A colorful quilt from the mum-in-law

A colorful quilt from the mum-in-law

Solar System mobile parts

Solar System mobile parts

The Milky Way

The Milky Way

The completed mobile in action

The completed mobile in action

Evasive Action!

My friend C said that she imagines the midwives “standing around in a cluster, with long flowing grey hair and purple robes and gnarled canes.” That’s not the case at all! Except for one–who’s more like a wise, old grandmother–they’re young and hip. Still, they did recommend some old school methods of kick-starting labor:

  • Plenty of walks and activity
    Spicy food
    Sex
  • They also recommended hot baths to relieve the pelvic pain, which is being caused by a loosening of S’s ligaments.

    So after an hour plus of garden work, S took a long bath. And I’m off to pick up some Indian food, which we will gorge ourselves on before making passionate though not terribly athletic love. If nothing changes by Sunday, and if no other moms have gone into labor, than S may take Castor Oil. That’ll cause diarrhea (as will the Indian food) and get that baby moving. (We hope!)

    Part of our urgency stems from S’s discomfort. Also, if she reaches week 41 then we risk out of the birthing center. If all’s still quiet by next Wednesday, then the midwives will gather round their cauldron and stimulate S’s membranes–ancient magic from the pagan days! Seriously, I have no idea yet what that means.

    They Say Patience Is a Virtue, but…

    Two weeks ago we did a big shop, stockpiling food for after the birth. Then on Friday we did another one, as we had begun to eat into our supplies. Same thing with cleaning. The house was organized and together, ready for our new arrival. Now, after another afternoon of dusting, vacuuming, and straightening, it’s ready again. These are some of the small, dumb specifics contributing to our current pregnancy status: we’re tired of anticipating!

    Nearly everyone we talk to has the same questions: how’s S feeling? Do you think it’s going to be soon? Are you ready? We’ve become weary of answering them. These inquiries are usually followed with the advice that we enjoy these last nights of solitude.

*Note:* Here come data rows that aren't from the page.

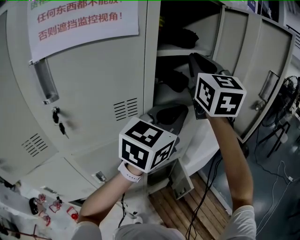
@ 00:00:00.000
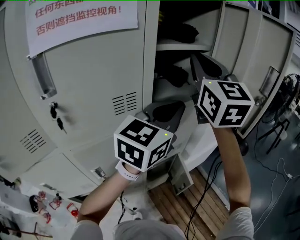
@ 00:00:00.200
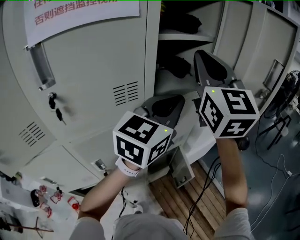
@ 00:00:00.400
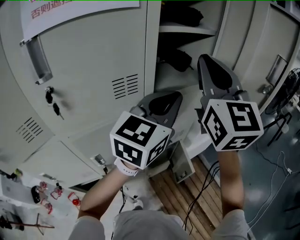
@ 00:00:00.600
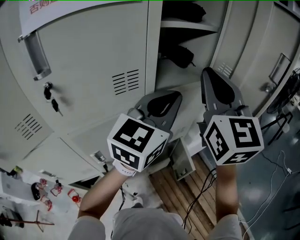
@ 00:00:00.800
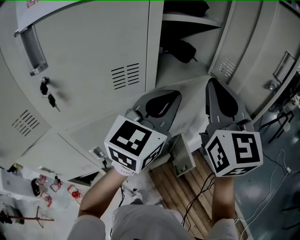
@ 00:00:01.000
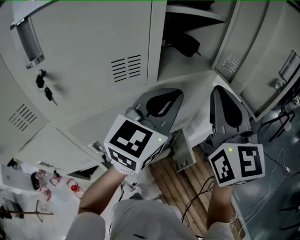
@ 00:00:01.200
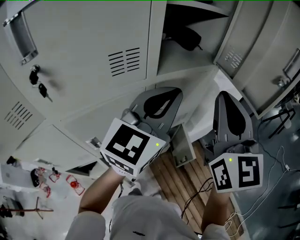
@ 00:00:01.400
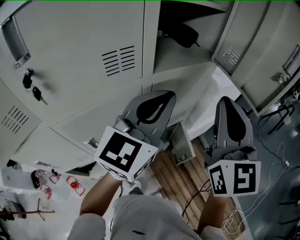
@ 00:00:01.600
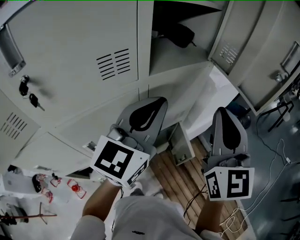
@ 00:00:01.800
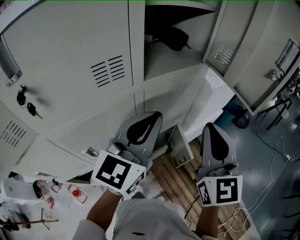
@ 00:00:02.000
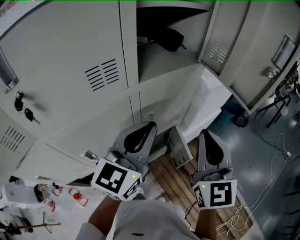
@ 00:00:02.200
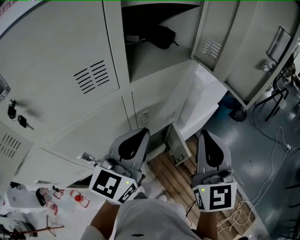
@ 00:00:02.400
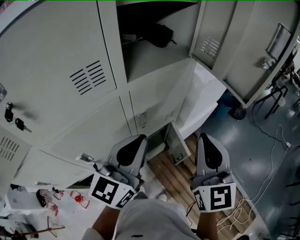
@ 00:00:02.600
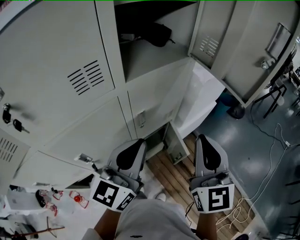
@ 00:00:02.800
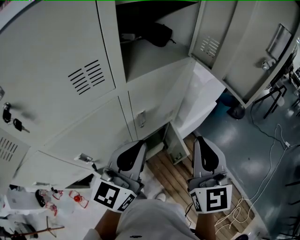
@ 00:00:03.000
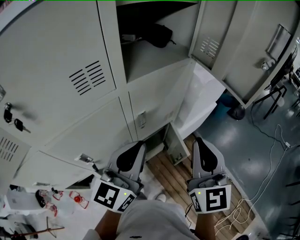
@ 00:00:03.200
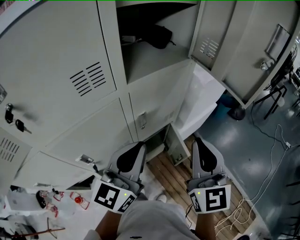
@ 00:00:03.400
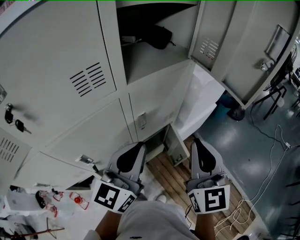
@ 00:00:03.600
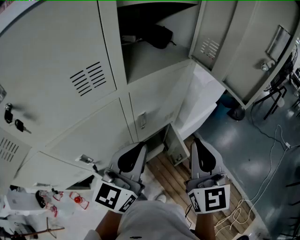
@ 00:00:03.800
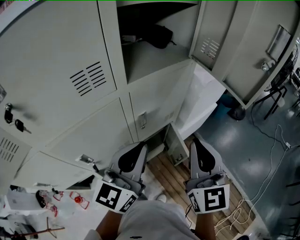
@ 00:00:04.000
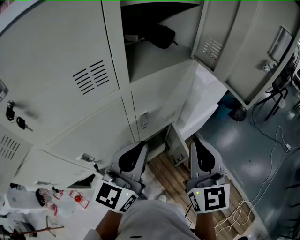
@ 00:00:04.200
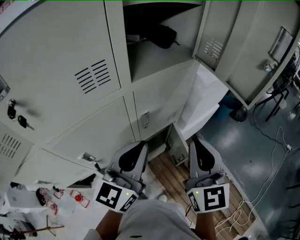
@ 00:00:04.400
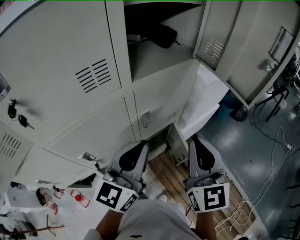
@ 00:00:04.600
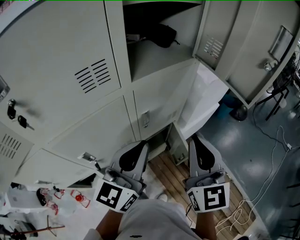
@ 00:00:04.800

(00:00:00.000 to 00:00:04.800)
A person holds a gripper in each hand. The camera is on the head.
00:00:00.000 - 00:00:01.600: The left gripper is displaced downward by about 5 cm; the right gripper heads downward, backward and to the right, covering roughly 25 cm.
00:00:01.600 - 00:00:03.200: The left gripper travels downward and backward by about 10 cm; the right gripper is displaced downward by some 10 cm.
00:00:03.200 - 00:00:04.800: The grippers make only small movements.

    But the thing is we’re not alone anymore. S’s belly is all baby.

    He’s hanging so low, every time we think he’s hit bottom we wake up to find he’s dropped even further. The midwife said his head is firmly between S’s pelvis, so far down that she could touch it during S’s last exam. His position is putting intense pressure on S’s pelvis, causing discomfort if she’s in the same position for too long, or pain when she is standing or walking—basically constant achiness.

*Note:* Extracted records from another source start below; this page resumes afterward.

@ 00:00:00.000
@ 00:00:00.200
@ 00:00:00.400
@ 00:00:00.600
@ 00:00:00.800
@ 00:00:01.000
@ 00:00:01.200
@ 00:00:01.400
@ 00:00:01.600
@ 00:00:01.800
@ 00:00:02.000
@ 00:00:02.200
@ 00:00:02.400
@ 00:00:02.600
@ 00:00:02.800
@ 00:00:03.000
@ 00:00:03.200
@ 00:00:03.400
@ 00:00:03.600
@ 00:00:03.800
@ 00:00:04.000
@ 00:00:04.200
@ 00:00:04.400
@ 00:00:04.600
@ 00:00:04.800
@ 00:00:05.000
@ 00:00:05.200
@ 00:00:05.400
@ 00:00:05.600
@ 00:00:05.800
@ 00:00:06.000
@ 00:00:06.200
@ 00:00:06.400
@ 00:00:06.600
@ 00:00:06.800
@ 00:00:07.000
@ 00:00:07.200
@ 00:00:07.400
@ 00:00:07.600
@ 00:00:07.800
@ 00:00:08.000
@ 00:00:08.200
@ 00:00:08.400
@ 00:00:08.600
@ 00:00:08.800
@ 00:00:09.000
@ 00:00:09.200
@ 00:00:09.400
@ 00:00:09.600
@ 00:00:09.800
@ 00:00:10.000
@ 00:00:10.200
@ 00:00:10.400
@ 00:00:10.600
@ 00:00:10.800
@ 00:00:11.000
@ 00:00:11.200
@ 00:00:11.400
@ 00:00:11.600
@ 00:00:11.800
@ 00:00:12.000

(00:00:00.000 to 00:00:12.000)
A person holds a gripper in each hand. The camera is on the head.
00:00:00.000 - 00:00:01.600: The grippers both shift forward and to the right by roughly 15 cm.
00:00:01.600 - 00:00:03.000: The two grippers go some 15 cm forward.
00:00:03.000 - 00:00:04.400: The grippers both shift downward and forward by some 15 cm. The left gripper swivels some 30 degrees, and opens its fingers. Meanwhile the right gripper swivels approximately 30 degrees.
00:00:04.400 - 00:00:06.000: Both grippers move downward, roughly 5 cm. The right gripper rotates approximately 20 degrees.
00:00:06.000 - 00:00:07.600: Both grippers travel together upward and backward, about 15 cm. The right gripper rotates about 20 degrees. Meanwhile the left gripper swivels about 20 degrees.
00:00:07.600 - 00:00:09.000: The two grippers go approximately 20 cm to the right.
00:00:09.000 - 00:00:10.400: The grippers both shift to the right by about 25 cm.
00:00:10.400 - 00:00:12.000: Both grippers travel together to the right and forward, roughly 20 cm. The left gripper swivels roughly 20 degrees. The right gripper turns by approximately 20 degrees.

    It was so bad that whenever she rolled over in bed on Saturday night, she groaned. This of course roused me, and I would bring myself fully awake, thinking it was go time. But S would just find a new position, then mumble to herself and drift back asleep, leaving me keyed up and awake. I woke up on Sunday just as exhausted as she was (though certainly not as achy). Welcome to parenting.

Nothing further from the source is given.